Atualizado em 22 de janeiro de 2020 às 16:25
A comunidade indígena Tey Jusu

PUBLICADO NA AGÊNCIA PÚBLICA

POR PEDRO GRIGORI

Uma decisão inédita da Justiça Federal do Mato Grosso do Sul condenou um fazendeiro, um piloto agrícola e uma empresa a pagarem conjuntamente R$ 150 mil à comunidade indígena Tey Jusu, da etnia guarani kaiowá, localizada em Caarapó (MS), a 270 km ao sul de Campo Grande. Em 11 de abril de 2015, os indígenas receberam uma chuva de agrotóxico aplicada por um avião que pulverizava fungicida em uma plantação de milho. Crianças e adultos foram intoxicados, sofreram dores de cabeça e de garganta, diarreia e febre.

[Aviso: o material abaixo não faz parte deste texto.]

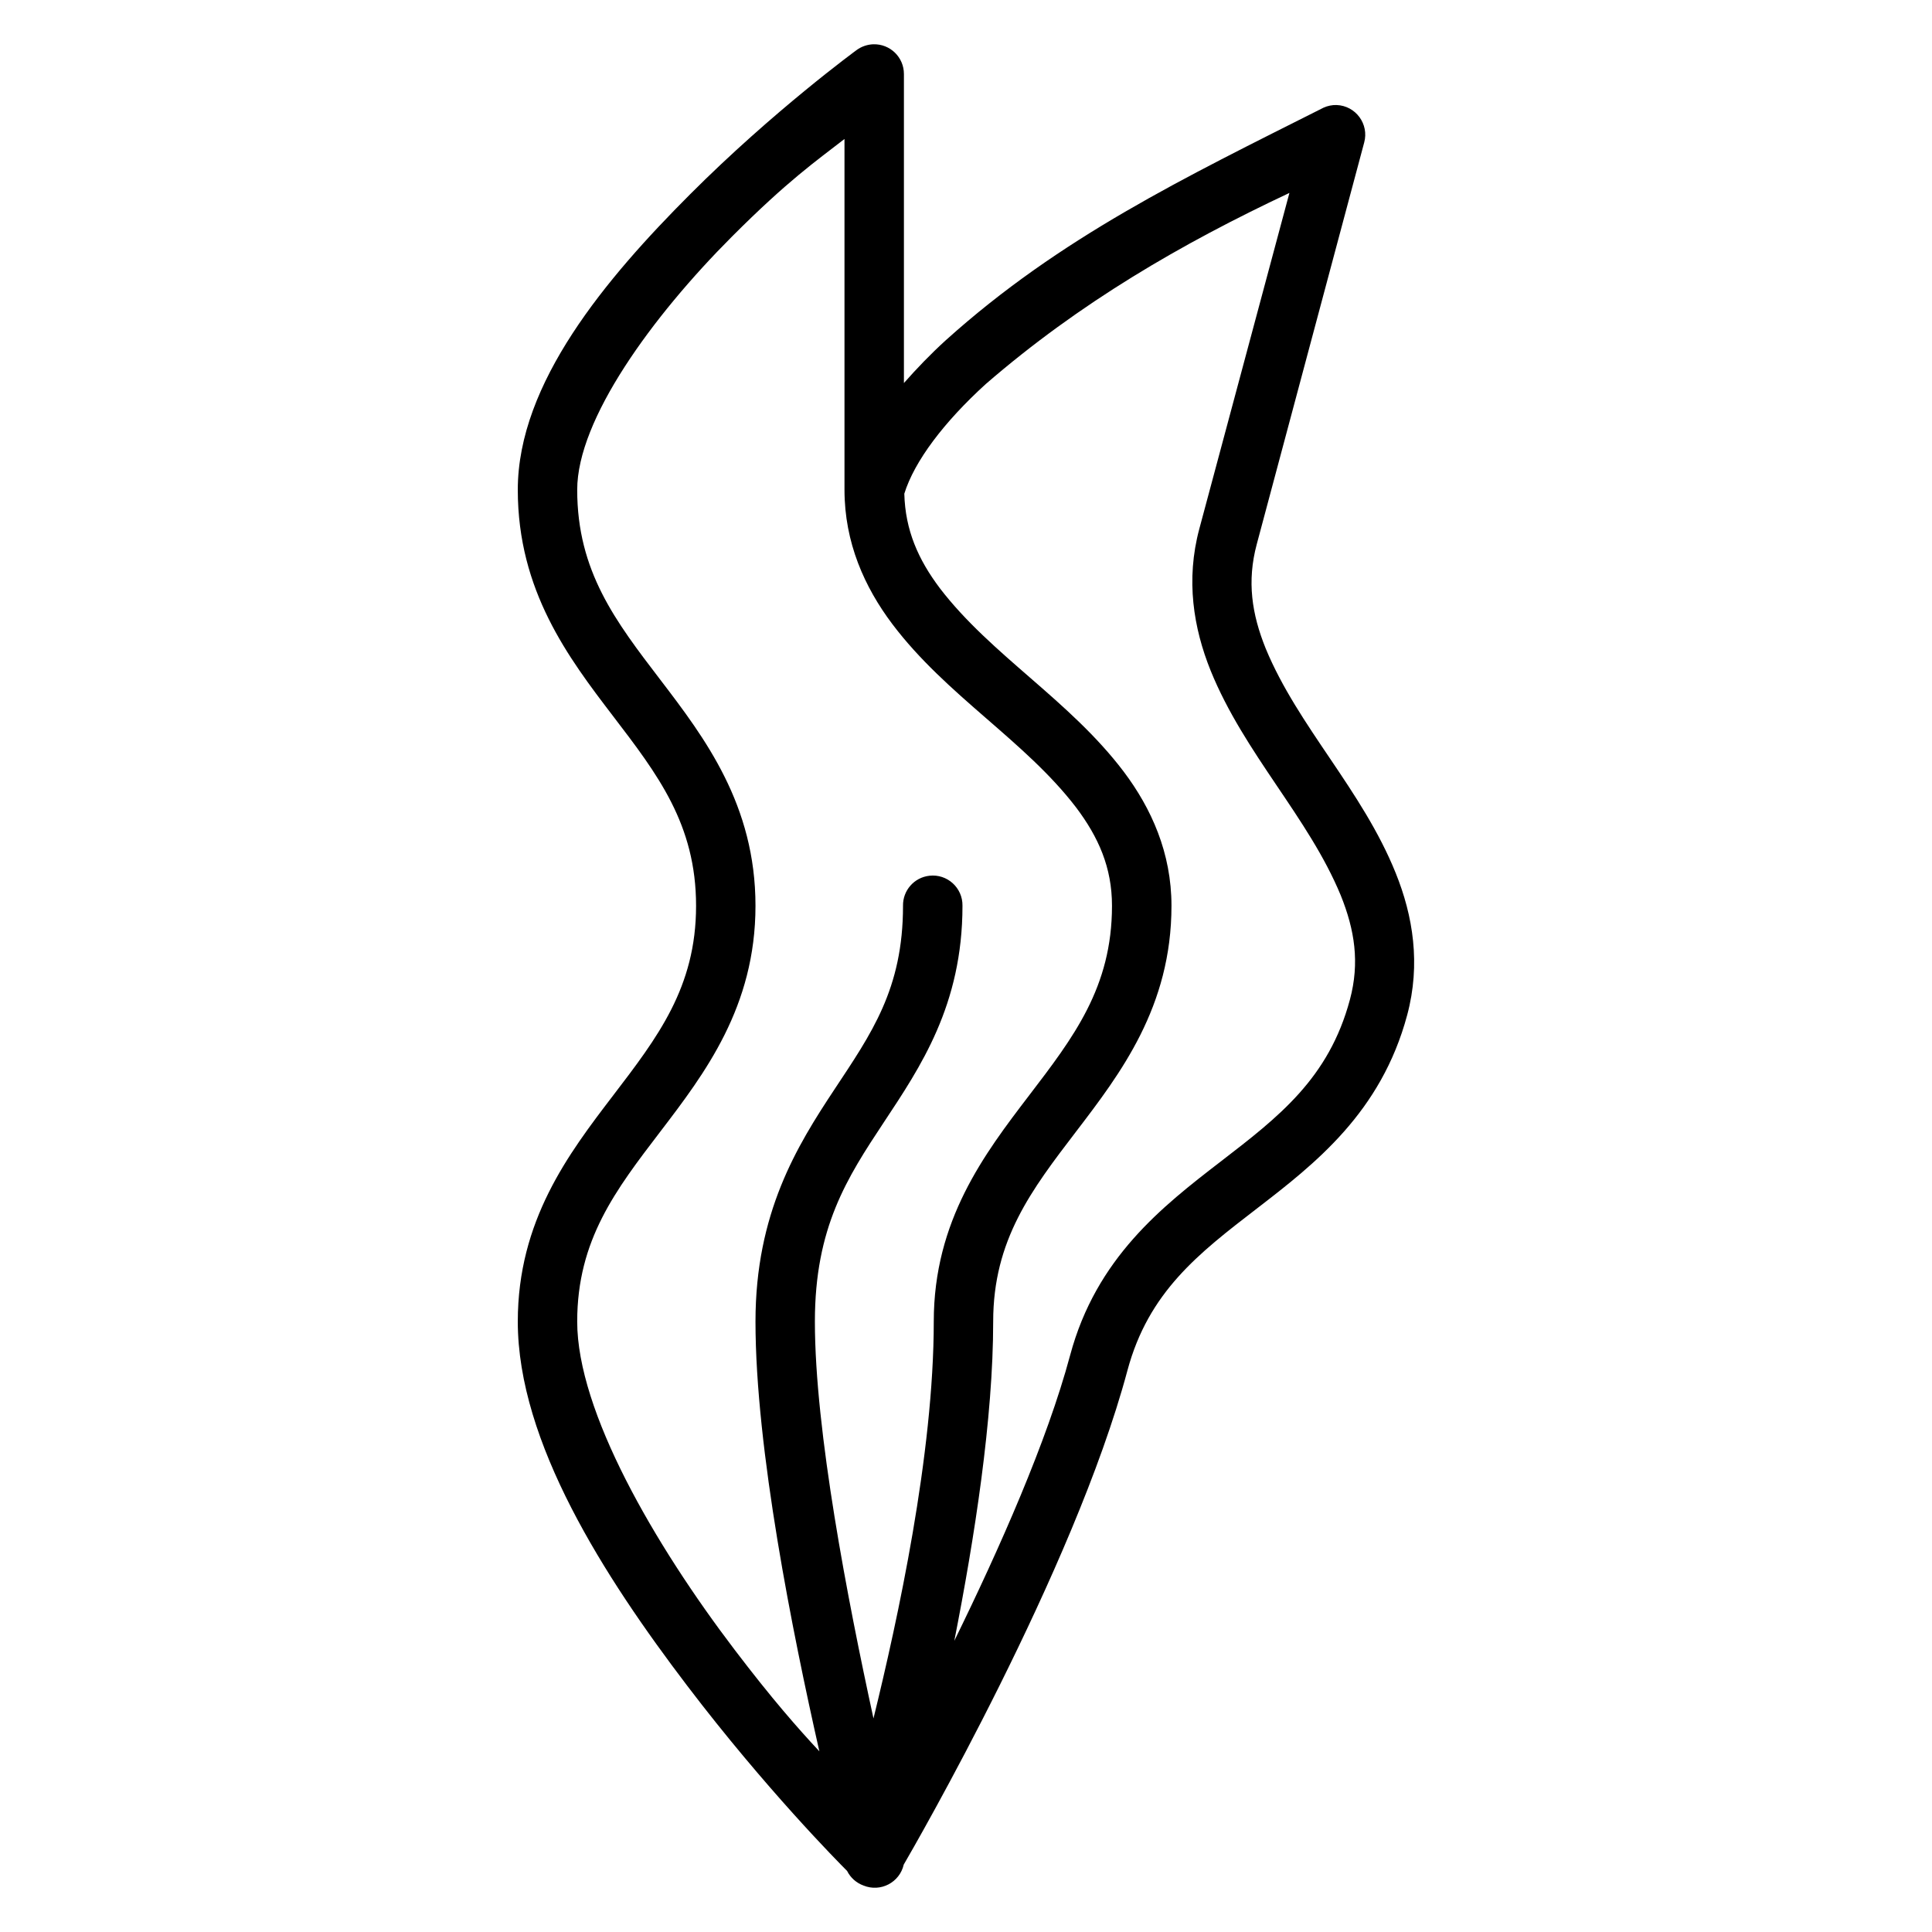 <?xml version="1.0" encoding="UTF-8"?>
<!-- Uploaded to: ICON Repo, www.svgrepo.com, Generator: ICON Repo Mixer Tools -->
<svg fill="#000000" width="800px" height="800px" version="1.1" viewBox="144 144 512 512" xmlns="http://www.w3.org/2000/svg">
 <path d="m375.47 155.73c-1.59 0.059-3.129 0.57-4.414 1.504 0 0-22.07 16.113-44.219 38.301-22.148 22.188-45.617 49.957-45.617 78.277 0 26.754 13.406 44.461 25.215 59.918s22.031 28.691 22.031 50.324c0 21.629-10.223 34.867-22.031 50.324-11.809 15.457-25.215 33.102-25.215 59.855 0 31.945 22.887 67.574 44.91 96.523 20.719 27.234 39.98 46.676 42.359 49.062 0.906 1.805 2.469 3.191 4.367 3.875 4.5 1.828 9.562-0.816 10.641-5.551 2.902-4.996 45.098-78.004 59.27-130.9 5.598-20.895 18.879-31.07 34.285-42.941 15.406-11.875 32.941-25.465 39.867-51.305 3.629-13.539 1.535-26.285-3.027-37.594-8.883-22.074-25.898-38.824-34.457-59.516-3.703-9.168-5.016-17.832-2.383-27.66l28.473-106.46c1.332-4.894-2.25-9.754-7.32-9.934-1.18-0.031-2.352 0.207-3.43 0.691-37.074 18.664-69.883 34.41-100.14 61.652-4.035 3.672-7.672 7.469-11.086 11.332v-81.871c0.02-4.445-3.644-8.023-8.086-7.902zm-7.672 25.105v92.973c0 14.016 5.332 25.82 12.668 35.562 14.324 19 35.074 30.812 48.691 48.586 5.949 7.898 9.531 15.918 9.531 26.09 0 21.629-10.211 34.867-22.016 50.324-11.809 15.457-25.215 33.102-25.215 59.855 0 35.195-9.555 79.02-15.977 105.18-6.824-31.34-15.527-76.16-15.527-105.18 0-24.953 8.527-38.07 18.25-52.766 9.723-14.695 20.863-31.098 20.863-57.41 0.086-4.766-4.047-8.516-8.777-7.965-4.031 0.457-7.055 3.906-6.981 7.965 0 22.07-8.395 33.875-18.234 48.754-9.844 14.879-20.863 32.648-20.863 61.422 0 33.812 9.863 82.645 16.93 113.9-5.738-6.16-12.508-13.84-22.449-26.906-21.273-27.965-41.727-63.203-41.727-86.992 0-21.629 10.211-34.867 22.016-50.324 11.809-15.457 25.23-33.102 25.23-59.855s-13.422-44.461-25.23-59.918c-11.809-15.457-22.016-28.691-22.016-50.324 0-18.641 19.875-45.934 41.02-67.113 14.883-14.906 22.281-20 29.812-25.859zm117.91 14.297-23.879 89.023c-3.629 13.539-1.551 26.285 3.012 37.594 8.953 22.031 25.906 38.816 34.457 59.5 3.703 9.168 5.078 17.832 2.445 27.66-5.598 20.895-18.879 31.07-34.285 42.941-15.406 11.871-32.941 25.48-39.867 51.32-6.117 22.824-18.707 51.211-30.688 75.66 5.363-27.234 10.301-58.922 10.301-84.609 0-21.629 10.148-34.867 21.957-50.324 11.809-15.457 25.293-33.102 25.293-59.855 0-14.016-5.332-25.82-12.668-35.562-14.363-18.973-35.074-30.789-48.707-48.586-5.738-7.617-9.18-15.395-9.426-25.062 2.676-8.625 10.531-18.996 21.57-29.043 24.895-21.562 51.867-37.203 80.488-50.66z"/>
</svg>

“Passaram de avião e não queriam nem saber, jogou em cima dos barraco, em cima da gente”, conta Naldo Damiel, de 55 anos, membro e porta-voz da comunidade Tey Jusu. A comunidade está na região desde 2014, com cerca de 70 pessoas em 27 casas. Apenas uma parcela do grupo fala português, a língua tradicional é o guarani.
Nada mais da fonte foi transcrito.